The idea of advancement within the rungs of government hadn’t occurred to him. Overweight, with a gentle walrus face and wispy ginger beard, he was never a figure the media warmed to. Buch
half hoped that once his present term had expired he could slink back to the quiet fields of home and become anonymous once more. In the meantime he would deal with what legislation came his way,
the needs of constituents, the daily round of parliamentary duties.

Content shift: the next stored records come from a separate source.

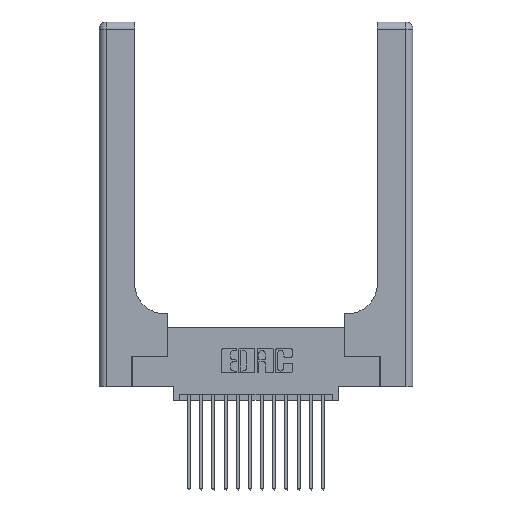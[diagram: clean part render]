
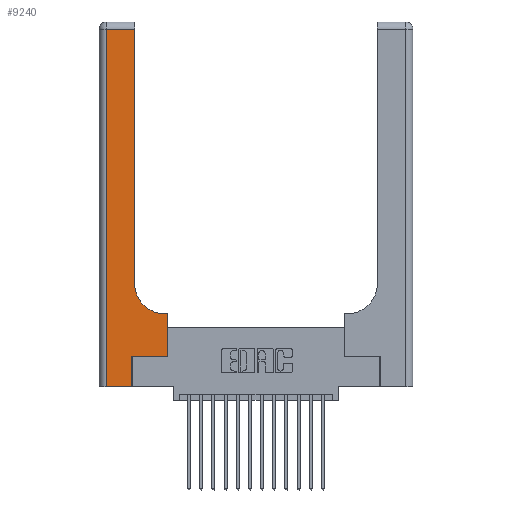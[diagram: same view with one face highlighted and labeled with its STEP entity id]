
A CAD part, top view. The second image highlights one B-rep face of the part: STEP entity #9240.
In plain terms, the highlighted planar face has unit normal (0, 0, 1).
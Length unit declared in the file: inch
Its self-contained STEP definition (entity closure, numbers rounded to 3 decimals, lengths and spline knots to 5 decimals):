
#106 = DIRECTION ( 'NONE',  ( 0., 1., 0. ) ) ;
#405 = AXIS2_PLACEMENT_3D ( 'NONE', #4777, #14971, #6235 ) ;
#521 = EDGE_CURVE ( 'NONE', #12196, #12237, #758, .T. ) ;
#758 = CIRCLE ( 'NONE', #7906, 0.25 ) ;
#773 = CARTESIAN_POINT ( 'NONE',  ( 0., 2.94, 0.37 ) ) ;
#1232 = VECTOR ( 'NONE', #7285, 39.37008 ) ;
#1309 = CARTESIAN_POINT ( 'NONE',  ( 0.06, 3., 0.37 ) ) ;
#1651 = LINE ( 'NONE', #14203, #16672 ) ;
#1728 = ORIENTED_EDGE ( 'NONE', *, *, #14758, .T. ) ;
#2080 = LINE ( 'NONE', #773, #13272 ) ;
#2232 = VERTEX_POINT ( 'NONE', #11326 ) ;
#2742 = EDGE_LOOP ( 'NONE', ( #16287, #5117, #1728, #17200, #9952, #6934, #14711, #11325, #11778 ) ) ;
#3457 = EDGE_CURVE ( 'NONE', #12237, #14914, #9328, .T. ) ;
#4048 = FACE_OUTER_BOUND ( 'NONE', #2742, .T. ) ;
#4091 = CARTESIAN_POINT ( 'NONE',  ( 0.06, 0., 0.37 ) ) ;
#4777 = CARTESIAN_POINT ( 'NONE',  ( 0., 3., 0.37 ) ) ;
#5117 = ORIENTED_EDGE ( 'NONE', *, *, #8315, .T. ) ;
#5520 = EDGE_CURVE ( 'NONE', #16751, #7749, #11756, .T. ) ;
#5806 = CARTESIAN_POINT ( 'NONE',  ( 0.2915, 0.85, 0.37 ) ) ;
#6235 = DIRECTION ( 'NONE',  ( -1., 0., 0. ) ) ;
#6370 = CARTESIAN_POINT ( 'NONE',  ( 0.5585, 0.6, 0.37 ) ) ;
#6600 = DIRECTION ( 'NONE',  ( -1., 0., 0. ) ) ;
#6926 = VECTOR ( 'NONE', #16306, 39.37008 ) ;
#6934 = ORIENTED_EDGE ( 'NONE', *, *, #11120, .T. ) ;
#7053 = EDGE_CURVE ( 'NONE', #2232, #15489, #1651, .T. ) ;
#7285 = DIRECTION ( 'NONE',  ( 1., 0., 0. ) ) ;
#7591 = CARTESIAN_POINT ( 'NONE',  ( 0.269, 0.25, 0.37 ) ) ;
#7749 = VERTEX_POINT ( 'NONE', #6370 ) ;
#7906 = AXIS2_PLACEMENT_3D ( 'NONE', #14357, #14340, #14278 ) ;
#8315 = EDGE_CURVE ( 'NONE', #14914, #18361, #2080, .T. ) ;
#8415 = CARTESIAN_POINT ( 'NONE',  ( 0.2915, 0.6, 0.37 ) ) ;
#8668 = CARTESIAN_POINT ( 'NONE',  ( 0.5415, 0.6, 0.37 ) ) ;
#8876 = CARTESIAN_POINT ( 'NONE',  ( 0.5585, 0.25, 0.37 ) ) ;
#9240 = ADVANCED_FACE ( 'NONE', ( #4048 ), #12011, .F. ) ;
#9328 = LINE ( 'NONE', #17539, #16111 ) ;
#9841 = LINE ( 'NONE', #1309, #17081 ) ;
#9952 = ORIENTED_EDGE ( 'NONE', *, *, #7053, .T. ) ;
#10669 = EDGE_CURVE ( 'NONE', #7749, #12196, #14717, .T. ) ;
#10865 = VECTOR ( 'NONE', #13752, 39.37008 ) ;
#10972 = VERTEX_POINT ( 'NONE', #4091 ) ;
#11120 = EDGE_CURVE ( 'NONE', #15489, #16751, #14702, .T. ) ;
#11325 = ORIENTED_EDGE ( 'NONE', *, *, #10669, .T. ) ;
#11326 = CARTESIAN_POINT ( 'NONE',  ( 0.269, 0., 0.37 ) ) ;
#11756 = LINE ( 'NONE', #12294, #10865 ) ;
#11778 = ORIENTED_EDGE ( 'NONE', *, *, #521, .T. ) ;
#12011 = PLANE ( 'NONE',  #405 ) ;
#12196 = VERTEX_POINT ( 'NONE', #8668 ) ;
#12233 = EDGE_CURVE ( 'NONE', #10972, #2232, #15776, .T. ) ;
#12237 = VERTEX_POINT ( 'NONE', #5806 ) ;
#12294 = CARTESIAN_POINT ( 'NONE',  ( 0.5585, 0.25, 0.37 ) ) ;
#12800 = DIRECTION ( 'NONE',  ( -1., 0., 0. ) ) ;
#13272 = VECTOR ( 'NONE', #6600, 39.37008 ) ;
#13752 = DIRECTION ( 'NONE',  ( 0., 1., 0. ) ) ;
#14203 = CARTESIAN_POINT ( 'NONE',  ( 0.269, 0., 0.37 ) ) ;
#14278 = DIRECTION ( 'NONE',  ( 1., 0., 0. ) ) ;
#14340 = DIRECTION ( 'NONE',  ( 0., 0., -1. ) ) ;
#14357 = CARTESIAN_POINT ( 'NONE',  ( 0.5415, 0.85, 0.37 ) ) ;
#14702 = LINE ( 'NONE', #7591, #6926 ) ;
#14711 = ORIENTED_EDGE ( 'NONE', *, *, #5520, .T. ) ;
#14717 = LINE ( 'NONE', #8415, #18095 ) ;
#14758 = EDGE_CURVE ( 'NONE', #18361, #10972, #9841, .T. ) ;
#14914 = VERTEX_POINT ( 'NONE', #17819 ) ;
#14971 = DIRECTION ( 'NONE',  ( 0., 0., -1. ) ) ;
#15489 = VERTEX_POINT ( 'NONE', #16091 ) ;
#15638 = DIRECTION ( 'NONE',  ( 0., 1., 0. ) ) ;
#15776 = LINE ( 'NONE', #16007, #1232 ) ;
#16007 = CARTESIAN_POINT ( 'NONE',  ( 0., 0., 0.37 ) ) ;
#16091 = CARTESIAN_POINT ( 'NONE',  ( 0.269, 0.25, 0.37 ) ) ;
#16111 = VECTOR ( 'NONE', #106, 39.37008 ) ;
#16287 = ORIENTED_EDGE ( 'NONE', *, *, #3457, .T. ) ;
#16306 = DIRECTION ( 'NONE',  ( 1., 0., 0. ) ) ;
#16672 = VECTOR ( 'NONE', #15638, 39.37008 ) ;
#16751 = VERTEX_POINT ( 'NONE', #8876 ) ;
#17081 = VECTOR ( 'NONE', #18792, 39.37008 ) ;
#17200 = ORIENTED_EDGE ( 'NONE', *, *, #12233, .T. ) ;
#17539 = CARTESIAN_POINT ( 'NONE',  ( 0.2915, 3., 0.37 ) ) ;
#17819 = CARTESIAN_POINT ( 'NONE',  ( 0.2915, 2.94, 0.37 ) ) ;
#18095 = VECTOR ( 'NONE', #12800, 39.37008 ) ;
#18166 = CARTESIAN_POINT ( 'NONE',  ( 0.06, 2.94, 0.37 ) ) ;
#18361 = VERTEX_POINT ( 'NONE', #18166 ) ;
#18792 = DIRECTION ( 'NONE',  ( 0., -1., 0. ) ) ;

And bounce the rubber ball against the office wall, always trying to judge the way it would respond to each careful change of angle. Watching that little object react to the tests he gave it
helped him think somehow, and the call he’d had gave him plenty to consider. It was a summons, to an execution or an elevation.

A tie and a jacket were called for. So he bounced the ball one last time, judged precisely the way it would return from the wall, placed it in his pocket, dragged off his sweatshirt, and
retrieved the best clothes he had from the little wardrobe by the window.

There was egg yolk on the tie. The one clean white shirt too. Buch scrubbed them but the yellow stain was persistent. So he found a black polo neck instead then walked out into the cold November
day, crossed the cobbled space that separated the Folketinget from the Christiansborg Palace and walked up the long red staircase to the office of Gert Grue Eriksen, Prime Minister of Denmark.

The bungalow was bitterly cold however high she turned up the puny heating. Lund knew she wouldn’t sleep. So she fried some bacon, burnt some toast, checked the train
times.

Bus to Nykøbing Falster, then train. Two and a half hours. Regular departures.

Since the Birk Larsen case she’d scarcely been home at all. The city didn’t frighten her. It was the memories. The guilt. In Gedser her life was bounded by the grey sea of the
Baltic, the boring routine of work at the port, her lonely hours in the bare little cottage, watching the TV, messing round on the Web, reading, sleeping.

The city was different. Her life was no longer her own, became driven by exterior events beyond her control, full of dark streets she longed to walk down.

It was the place, not her.

You brought Meyer to that building late at night. You forced Bengt Rosling out of your life. Chased away Mark, his father too. Took all those wrong turnings trying to work out who killed
Nanna Birk Larsen.

She hadn’t heard that voice in a while.

Mark’s photo was pinned to the fridge. She hadn’t seen him in five months. He’d be even taller.

There was a sweatshirt she’d bought from Netto for his birthday. A cheap gift on her pathetic salary.